The two master instances are running on the same rdb node (different ports), same thing for the replicas. If you want to restart or reboot one of the redis instances, you can follow this simple procedure:

  1. A code change like https://gerrit.wikimedia.org/r/c/operations/puppet/+/715209 to change ORES' config to point to the replica instance (a quick git grep in puppet should be sufficient to find the hostnames)
  2. On a cumin node, execute (after merging the above change) - cumin -m async -b 1 -s 30 'A:ores-codfw' 'run-puppet-agent' 'depool' 'sleep 5' 'systemctl restart celery-ores-worker ; systemctl restart uwsgi-ores' 'sleep 5' 'pool'
  3. Monitor the ORES grafana dashboards and verify that no TCP connections are hitting the Redis node to reboot (a simple netstat on the node is enough)
  4. Revert the change in 1)
  5. Execute again the cumin command.

Enabling ORES on a new wiki

TODO: bug T182054

Puppet-managed config changes

First, our configurations can be found in several places. At the code, you can find them in "config" folder. Then in the deploy repository there is another "config" folder that overrides the code configs, and at last there's puppet ores module that has the final configs that override the other two.
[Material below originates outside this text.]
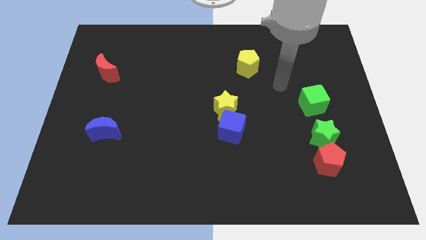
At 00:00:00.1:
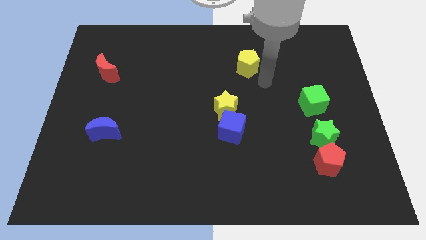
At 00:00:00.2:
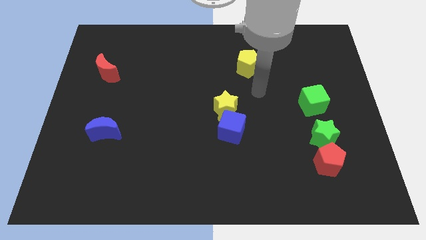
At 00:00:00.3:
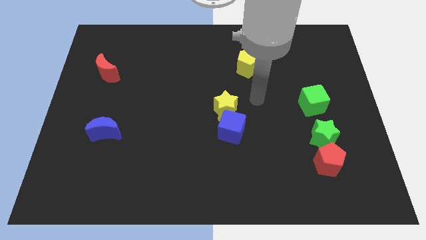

If you want to change configs in the code or deploy repo, you just need to make the change, get it merged and deploy it. Deployment causes the services to restart and pick up the new config but changing the puppet-managed configs doesn't cause the service to restart and pick up the new ones. You need to wait until puppet agent run in each ores node (like ores1001) and changes the config file. The files can be found at /etc/ores/*.yaml and once it's changed you need to manually restart ores services:

sudo service uwsgi-ores restart
sudo service celery-worker-ores restart

You need to do it on all nodes in both datacenters. You can test it on one or two nodes as canary and if everything's fine, use pssh (or fabric, capistrano, your choice) to run it automatically on the rest. TODO: Make a script for this.